[EXTRACTED ENTRIES]
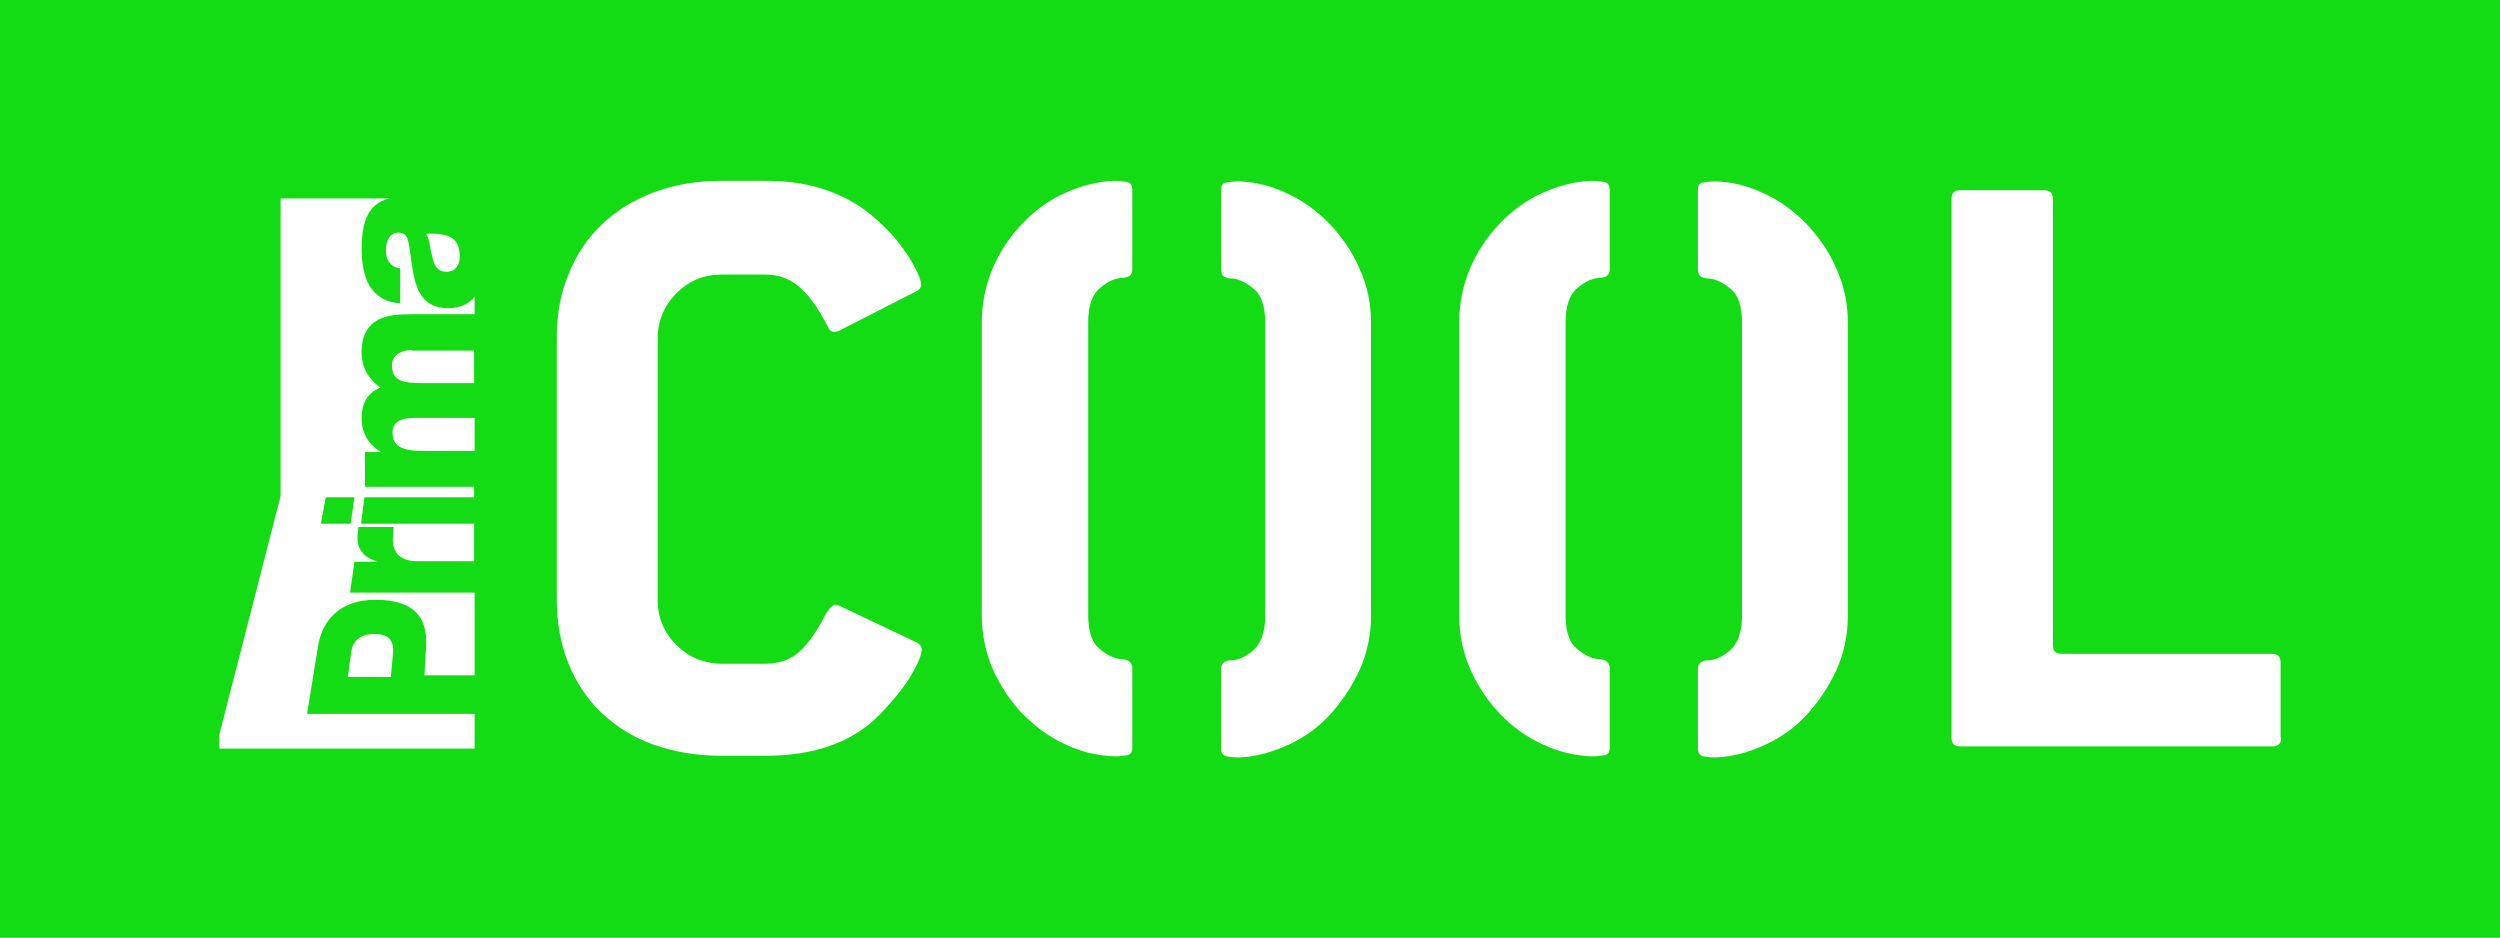 <?xml version="1.0" encoding="utf-8"?>
<!-- Generator: Adobe Illustrator 28.0.0, SVG Export Plug-In . SVG Version: 6.00 Build 0)  -->
<svg version="1.1" id="Layer_1" xmlns="http://www.w3.org/2000/svg" xmlns:xlink="http://www.w3.org/1999/xlink" x="0px" y="0px"
	 viewBox="0 0 453.5 170.1" style="enable-background:new 0 0 453.5 170.1;" xml:space="preserve">
<style type="text/css">
	.Arched_x0020_Green{fill:url(#SVGID_1_);stroke:#FFFFFF;stroke-width:0.25;stroke-miterlimit:1;}
	.st0{fill:#14DC14;}
	.st1{fill:#FFFFFF;}
</style>
<linearGradient id="SVGID_1_" gradientUnits="userSpaceOnUse" x1="-58.228" y1="741.319" x2="-57.521" y2="740.612">
	<stop  offset="0" style="stop-color:#20AC4B"/>
	<stop  offset="0.983" style="stop-color:#19361A"/>
</linearGradient>
<rect class="st0" width="453.5" height="170.1"/>
<g>
	<g>
		<path class="st1" d="M166.2,116.5c0.6,0.3,1,0.7,1,1.3c0,0.9-0.6,2.4-1.8,4.5c-1.2,2.1-3.2,4.6-5.9,7.4
			c-4.8,4.9-11.7,7.4-20.7,7.4h-7.9c-4.5,0-8.6-0.7-12.3-2c-3.7-1.3-6.8-3.3-9.5-5.8c-2.6-2.5-4.6-5.5-6-9
			c-1.4-3.5-2.1-7.3-2.1-11.6V61.2c0-4.3,0.7-8.1,2.2-11.6c1.4-3.5,3.4-6.4,6-8.9c2.6-2.5,5.7-4.4,9.4-5.8c3.7-1.4,7.8-2.1,12.3-2.1
			h7.9c3.6,0,6.9,0.4,9.9,1.3c3,0.9,5.7,2.2,8.2,4c1.6,1.2,3,2.5,4.3,3.8c1.3,1.4,2.3,2.7,3.2,4c0.9,1.3,1.5,2.5,2,3.5
			c0.5,1.1,0.7,1.8,0.7,2.2c0,0.5-0.3,1-1,1.3L152.2,60c-0.2,0.1-0.5,0.2-0.8,0.2c-0.5,0-0.9-0.2-1.1-0.7c-0.2-0.5-0.6-1.1-1.1-2
			c-1.4-2.5-2.9-4.4-4.5-5.7c-1.6-1.3-3.6-2-5.9-2h-7.9c-3.2,0-5.9,1.1-8.2,3.4c-2.2,2.2-3.4,5-3.4,8.2v47.4c0,3.2,1.1,5.9,3.4,8.2
			c2.2,2.2,5,3.4,8.2,3.4h7.9c2.3,0,4.3-0.6,5.9-1.9c1.5-1.3,3-3.2,4.4-5.8c1-2,1.8-3,2.4-3c0.3,0,0.6,0.1,0.8,0.2L166.2,116.5z"/>
		<path class="st1" d="M197.4,58.5v53.1c0,3,0.7,5.1,2.2,6.2c1.4,1.2,2.9,1.8,4.2,1.8c0.2,0,0.5,0.1,0.8,0.2
			c0.5,0.3,0.8,0.8,0.8,1.4v14.4c0,0.9-0.3,1.3-1,1.4c-0.6,0.1-1.4,0.2-2.2,0.2c-3.1-0.1-6.1-0.8-9-2.2c-2.9-1.3-5.4-3.2-7.7-5.5
			c-2.2-2.3-4-5-5.4-8.1c-1.3-3-2-6.3-2-9.9V58.5c0-3.5,0.7-6.8,2-9.9c1.3-3,3.1-5.7,5.4-8.1c2.2-2.3,4.8-4.2,7.7-5.5
			c2.9-1.3,5.9-2.1,9-2.2c0.9,0,1.6,0.1,2.2,0.2c0.6,0.1,1,0.6,1,1.4v14.4c0,0.8-0.3,1.2-0.8,1.4c-0.3,0.1-0.6,0.2-0.8,0.2
			c-1.4,0-2.8,0.6-4.2,1.8C198.1,53.4,197.4,55.5,197.4,58.5z"/>
		<path class="st1" d="M229.5,58.5c0-3-0.7-5.1-2.2-6.2c-1.4-1.2-2.9-1.8-4.2-1.8c-0.3,0-0.6-0.1-0.8-0.2c-0.5-0.2-0.8-0.7-0.8-1.4
			V34.5c0-0.9,0.3-1.3,1-1.4c0.6-0.1,1.4-0.2,2.2-0.2c3,0.1,5.9,0.8,8.8,2.2c2.9,1.3,5.4,3.2,7.7,5.5c2.2,2.4,4.1,5,5.4,8.1
			c1.4,3,2.1,6.3,2.1,9.9v53.1c0,3.5-0.7,6.8-2.1,9.9c-1.4,3-3.2,5.7-5.4,8.1c-2.2,2.4-4.8,4.2-7.7,5.5c-2.9,1.3-5.8,2.1-8.8,2.2
			c-0.9,0-1.6-0.1-2.2-0.2c-0.6-0.1-1-0.6-1-1.4v-14.4c0-0.7,0.3-1.2,0.8-1.4c0.2-0.1,0.5-0.2,0.8-0.2c1.4,0,2.8-0.6,4.2-1.8
			c1.4-1.2,2.2-3.3,2.2-6.2V58.5z"/>
		<path class="st1" d="M284,58.5v53.1c0,3,0.7,5.1,2.2,6.2c1.4,1.2,2.9,1.8,4.2,1.8c0.2,0,0.5,0.1,0.8,0.2c0.5,0.3,0.8,0.8,0.8,1.4
			v14.4c0,0.9-0.3,1.3-1,1.4c-0.6,0.1-1.4,0.2-2.2,0.2c-3.1-0.1-6.1-0.8-9-2.2c-2.9-1.3-5.5-3.2-7.7-5.5c-2.2-2.3-4-5-5.4-8.1
			c-1.3-3-2-6.3-2-9.9V58.5c0-3.5,0.7-6.8,2-9.9c1.3-3,3.1-5.7,5.4-8.1c2.2-2.3,4.8-4.2,7.7-5.5c2.9-1.3,5.9-2.1,9-2.2
			c0.9,0,1.6,0.1,2.2,0.2c0.6,0.1,1,0.6,1,1.4v14.4c0,0.8-0.3,1.2-0.8,1.4c-0.3,0.1-0.6,0.2-0.8,0.2c-1.4,0-2.8,0.6-4.2,1.8
			C284.7,53.4,284,55.5,284,58.5z"/>
		<path class="st1" d="M316,58.5c0-3-0.7-5.1-2.2-6.2c-1.4-1.2-2.9-1.8-4.2-1.8c-0.3,0-0.6-0.1-0.8-0.2c-0.5-0.2-0.8-0.7-0.8-1.4
			V34.5c0-0.9,0.3-1.3,1-1.4c0.6-0.1,1.4-0.2,2.2-0.2c3,0.1,5.9,0.8,8.8,2.2c2.9,1.3,5.4,3.2,7.7,5.5c2.2,2.4,4.1,5,5.4,8.1
			c1.4,3,2.1,6.3,2.1,9.9v53.1c0,3.5-0.7,6.8-2.1,9.9c-1.4,3-3.2,5.7-5.4,8.1c-2.2,2.4-4.8,4.2-7.7,5.5c-2.9,1.3-5.8,2.1-8.8,2.2
			c-0.9,0-1.6-0.1-2.2-0.2c-0.6-0.1-1-0.6-1-1.4v-14.4c0-0.7,0.3-1.2,0.8-1.4c0.2-0.1,0.5-0.2,0.8-0.2c1.4,0,2.8-0.6,4.2-1.8
			c1.4-1.2,2.2-3.3,2.2-6.2V58.5z"/>
		<path class="st1" d="M413.8,133.8c0,1.1-0.5,1.6-1.6,1.6h-56.6c-1.1,0-1.6-0.5-1.6-1.6V36.1c0-1.1,0.5-1.6,1.6-1.6h15.2
			c1.1,0,1.6,0.5,1.6,1.6V117c0,1.1,0.5,1.6,1.6,1.6h38.1c1.1,0,1.6,0.5,1.6,1.6V133.8z"/>
	</g>
	<g>
		<path class="st1" d="M66.2,82H69v-0.1c-2.1-1.2-3.4-3.4-3.4-5.9c0-2.6,0.8-4.6,3.4-5.7c-2.2-1.6-3.4-3.6-3.4-6.4
			c0-6.5,5-6.9,9-6.9h11.5v-3.2c-1,1.3-2.6,2.1-4.8,2.1c-6.8,0-6.2-7.2-7.2-11.9c-0.2-1.1-0.6-1.8-1.9-1.8c-1.6,0-2.2,1.8-2.2,3.2
			c0,1.8,0.8,3,2.6,3.3v6.3c-2.7-0.1-4.5-1.4-5.6-3.2c-1-1.8-1.4-4.2-1.4-6.5c0-4.3,0.8-8.4,5.1-9.3H50.9v54l-11.1,43.2v2.6h46.3
			v-2.6h0v-3.7H55.7l2-12.3c0.7-4.4,3.7-8.4,10.4-8.4c7,0,9.5,3.2,9.2,8.4l-0.3,5.3h9.1v-15H63.5l0.8-5.6h4l0-0.1
			c-2.8-0.8-3.7-2.8-3.4-5.1c0.1-0.4,0.1-1.1,0.1-1.1h6.4l-0.1,1.5c-0.2,1.9,0.2,4.7,4.4,4.7h10.3V95H65.5l0.6-4.8h19.9v-1.9H66.2
			V82z M63.6,95h-5.4l0.9-4.8h5.2L63.6,95z"/>
		<path class="st1" d="M81,49.3c1.7,0,2.4-1.3,2.4-2.8c0-3.2-1.8-4.3-6.1-4.1c0.6,0.9,0.7,2.7,1.1,4.1C78.7,48.1,79.3,49.3,81,49.3z
			"/>
		<path class="st1" d="M71.2,78.4c0,2.4,1.4,3.4,5.6,3.4h9.3v-6H75.1C72.7,75.8,71.2,76.6,71.2,78.4z"/>
		<path class="st1" d="M63.7,118.4l-0.6,4.4h7.8l0.4-4.4c0.2-2-0.7-3.4-3.3-3.4C65.2,115,63.9,116.4,63.7,118.4z"/>
		<path class="st1" d="M74.7,63.5c-2.2,0-3.6,1.1-3.6,2.8c0,2.9,2.2,3.2,5.6,3.2h9.3v-5.9H74.7z"/>
	</g>
</g>
</svg>
[/EXTRACTED ENTRIES]
**WORK INSTRUCTIONS:** If a line in the data above includes the string "class", copy it.

**TASK OUTPUT:**
<rect class="st0" width="453.5" height="170.1"/>
		<path class="st1" d="M166.2,116.5c0.6,0.3,1,0.7,1,1.3c0,0.9-0.6,2.4-1.8,4.5c-1.2,2.1-3.2,4.6-5.9,7.4
		<path class="st1" d="M197.4,58.5v53.1c0,3,0.7,5.1,2.2,6.2c1.4,1.2,2.9,1.8,4.2,1.8c0.2,0,0.5,0.1,0.8,0.2
		<path class="st1" d="M229.5,58.5c0-3-0.7-5.1-2.2-6.2c-1.4-1.2-2.9-1.8-4.2-1.8c-0.3,0-0.6-0.1-0.8-0.2c-0.5-0.2-0.8-0.7-0.8-1.4
		<path class="st1" d="M284,58.5v53.1c0,3,0.7,5.1,2.2,6.2c1.4,1.2,2.9,1.8,4.2,1.8c0.2,0,0.5,0.1,0.8,0.2c0.5,0.3,0.8,0.8,0.8,1.4
		<path class="st1" d="M316,58.5c0-3-0.7-5.1-2.2-6.2c-1.4-1.2-2.9-1.8-4.2-1.8c-0.3,0-0.6-0.1-0.8-0.2c-0.5-0.2-0.8-0.7-0.8-1.4
		<path class="st1" d="M413.8,133.8c0,1.1-0.5,1.6-1.6,1.6h-56.6c-1.1,0-1.6-0.5-1.6-1.6V36.1c0-1.1,0.5-1.6,1.6-1.6h15.2
		<path class="st1" d="M66.2,82H69v-0.1c-2.1-1.2-3.4-3.4-3.4-5.9c0-2.6,0.8-4.6,3.4-5.7c-2.2-1.6-3.4-3.6-3.4-6.4
		<path class="st1" d="M81,49.3c1.7,0,2.4-1.3,2.4-2.8c0-3.2-1.8-4.3-6.1-4.1c0.6,0.9,0.7,2.7,1.1,4.1C78.7,48.1,79.3,49.3,81,49.3z
		<path class="st1" d="M71.2,78.4c0,2.4,1.4,3.4,5.6,3.4h9.3v-6H75.1C72.7,75.8,71.2,76.6,71.2,78.4z"/>
		<path class="st1" d="M63.7,118.4l-0.6,4.4h7.8l0.4-4.4c0.2-2-0.7-3.4-3.3-3.4C65.2,115,63.9,116.4,63.7,118.4z"/>
		<path class="st1" d="M74.7,63.5c-2.2,0-3.6,1.1-3.6,2.8c0,2.9,2.2,3.2,5.6,3.2h9.3v-5.9H74.7z"/>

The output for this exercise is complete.